荊雨不由無語,暗想道:“壞了,這般看來,浮屠仙洲的元嬰禪君還當真能如同韭菜一般源源不斷長出來,那丘玄洞的口糧可缺不了了。”
他原本覺得丘玄洞這般捕食元嬰禪君定非長久之計,估計多吃幾個,就有可能遭遇三大釋土化神佛主的驅趕。
自己或可趁著丘玄洞與化神佛主大戰的間隙尋機脫身。
可現在才知曉,隻要丘玄洞不招惹三大釋土的嫡係禪君,那幾位化神佛主隻怕也懶得理會丘玄洞這個癲子。
那頭顱語氣虛弱,艱難道:“道友,小僧如今身受重傷,危懸一線……方才小僧的儲物袋在玄黃之氣的衝刷下被毀了去,如今身無長物,道友身上可有療傷靈藥?”
荊雨點了點頭,拿出一枚【血色晶石】,以玄光切割了十分之一左右大小,用法力送到了頭顱麵前。
那頭顱一口將血色碎片吞了進去,臉上血色大盛,靈壓猛地提高了一截兒,氣息趨於平穩,顯然傷勢稍稍平複。
可下一刻,這位隻剩下頭顱的元嬰禪修卻忽爾神色怨毒,提起一口血氣,竟用上了類似佛門獅子吼的神通,大叫道:
“我日你世尊大佛,佛爺眼見著不成了,你小子也彆想好過!”
“前輩!這裡有……”
轟——
一道灰蒙蒙的法光自荊雨眉心噴薄而出,將眼前這頭顱、連同其中藏匿的元嬰轟地粉碎。
“天殺的禿驢、狼心狗肺的東西……”荊雨罵罵咧咧道:“還好本君提前布置了隔音陣法,否則當真著了你的道。”

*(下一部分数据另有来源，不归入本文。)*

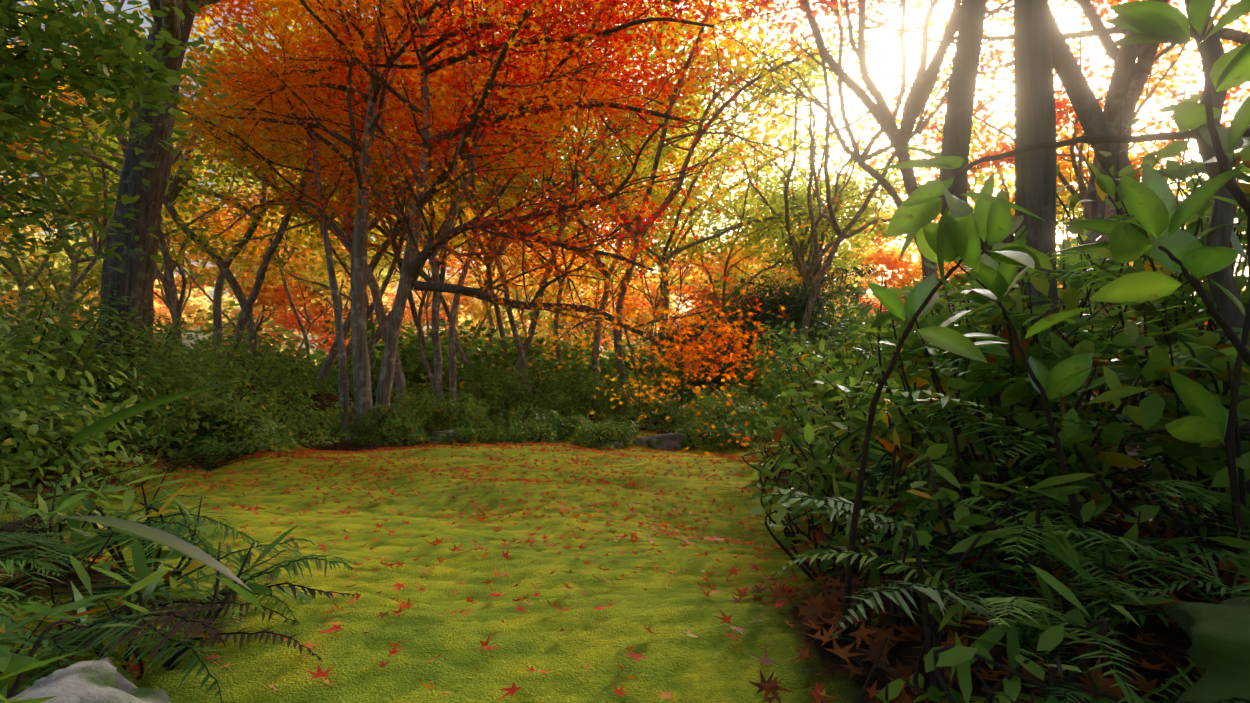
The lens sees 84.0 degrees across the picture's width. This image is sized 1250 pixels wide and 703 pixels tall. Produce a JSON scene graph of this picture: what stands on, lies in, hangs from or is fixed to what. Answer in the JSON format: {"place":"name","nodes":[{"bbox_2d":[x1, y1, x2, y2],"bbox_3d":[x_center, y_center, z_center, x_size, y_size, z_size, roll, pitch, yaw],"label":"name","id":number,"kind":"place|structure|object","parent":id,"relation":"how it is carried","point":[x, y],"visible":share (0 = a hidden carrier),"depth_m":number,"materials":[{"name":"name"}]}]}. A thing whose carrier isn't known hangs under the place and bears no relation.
{"place":"outdoors","nodes":[
{"label":"outdoors","id":0,"kind":"place"},
{"bbox_2d":[0,333,1242,702],"bbox_3d":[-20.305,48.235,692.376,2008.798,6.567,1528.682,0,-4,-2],"label":"ground","id":1,"kind":"structure","parent":0,"point":[708,663],"depth_m":1.95,"materials":[{"name":"green plant"}]},
{"bbox_2d":[7,657,171,702],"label":"rock","id":2,"kind":"object","parent":1,"relation":"on","point":[102,680],"visible":0.98,"depth_m":1.12,"materials":[{"name":"grey stone"}]},
{"bbox_2d":[429,430,465,445],"bbox_3d":[-2.188,1.213,8.476,0.451,0.504,0.411,-2,-4,20],"label":"rock","id":3,"kind":"object","parent":1,"relation":"on","point":[450,440],"visible":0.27,"depth_m":8.41,"materials":[{"name":"grey stone"}]},
{"bbox_2d":[602,438,626,449],"bbox_3d":[-0.144,1.156,8.395,0.372,0.226,0.393,0,-4,-2],"label":"rock","id":4,"kind":"object","parent":1,"relation":"on","point":[617,444],"visible":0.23,"depth_m":8.26,"materials":[{"name":"grey stone"}]},
{"bbox_2d":[0,0,1249,439],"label":"trees","id":5,"kind":"object","parent":1,"relation":"on","point":[1130,76],"visible":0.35,"depth_m":13.74,"materials":[{"name":"brown plant"}]},
{"bbox_2d":[44,0,1197,458],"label":"maple leaves","id":6,"kind":"object","parent":5,"relation":"attached to","point":[586,6],"visible":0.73,"depth_m":8.29,"materials":[{"name":"orange plant"}]},
{"bbox_2d":[0,0,1249,360],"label":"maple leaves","id":7,"kind":"object","parent":5,"relation":"attached to","point":[866,244],"visible":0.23,"depth_m":19.48,"materials":[{"name":"orange plant"}]},
{"bbox_2d":[0,251,1249,702],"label":"ferns","id":8,"kind":"object","parent":1,"relation":"on","point":[84,639],"visible":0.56,"depth_m":1.49,"materials":[{"name":"green plant"}]},
{"bbox_2d":[0,0,1249,534],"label":"branches","id":9,"kind":"object","parent":1,"relation":"on","point":[1034,106],"visible":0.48,"depth_m":7.22,"materials":[{"name":"brown plant"}]},
{"bbox_2d":[0,44,1249,702],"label":"stems","id":10,"kind":"object","parent":1,"relation":"on","point":[1236,476],"visible":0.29,"depth_m":1.48,"materials":[{"name":"green plant"}]},
{"bbox_2d":[0,324,1249,702],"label":"fallen leaves","id":11,"kind":"object","parent":1,"relation":"on","point":[830,602],"visible":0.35,"depth_m":1.86,"materials":[{"name":"red plant"}]},
{"bbox_2d":[0,0,1249,702],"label":"shrub","id":12,"kind":"object","parent":1,"relation":"on","point":[80,394],"depth_m":3.58,"materials":[{"name":"green plant"}]},
{"bbox_2d":[91,0,1186,440],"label":"tree trunk","id":13,"kind":"object","parent":1,"relation":"on","point":[133,280],"visible":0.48,"depth_m":6.16,"materials":[{"name":"brown plant"}]},
{"bbox_2d":[55,0,1249,590],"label":"leaves","id":14,"kind":"object","parent":1,"relation":"on","point":[957,230],"visible":0.98,"depth_m":1.06,"materials":[{"name":"green plant"}]},
{"bbox_2d":[633,433,686,450],"bbox_3d":[0.403,1.200,8.430,0.683,0.422,0.398,0,-4,-2],"label":"rock","id":15,"kind":"object","parent":1,"relation":"on","point":[669,441],"visible":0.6,"depth_m":8.35,"materials":[{"name":"grey stone"}]},
{"bbox_2d":[631,208,899,400],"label":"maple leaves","id":16,"kind":"object","parent":1,"relation":"on","point":[799,298],"visible":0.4,"depth_m":16.48,"materials":[{"name":"plant"}]},
{"bbox_2d":[1161,596,1249,702],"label":"leaf","id":17,"kind":"object","parent":1,"relation":"on","point":[1219,634],"visible":1,"depth_m":0.94,"materials":[{"name":"green plant"}]},
{"bbox_2d":[0,0,1249,358],"label":"sky","id":18,"kind":"structure","parent":0,"point":[914,19],"materials":[{"name":"white"}]}
]}

“這群禿驢一個個道心……不,佛心蒙塵,哪裡有半分得道高僧的意思?怪不得隻是野寺裡的野路子,入不得三大釋土的正堂。”
荊雨盯著眼前的屍骸,眯了眯眼睛,喃喃道:“既然短時間內無法脫困,倒是要早做準備了……”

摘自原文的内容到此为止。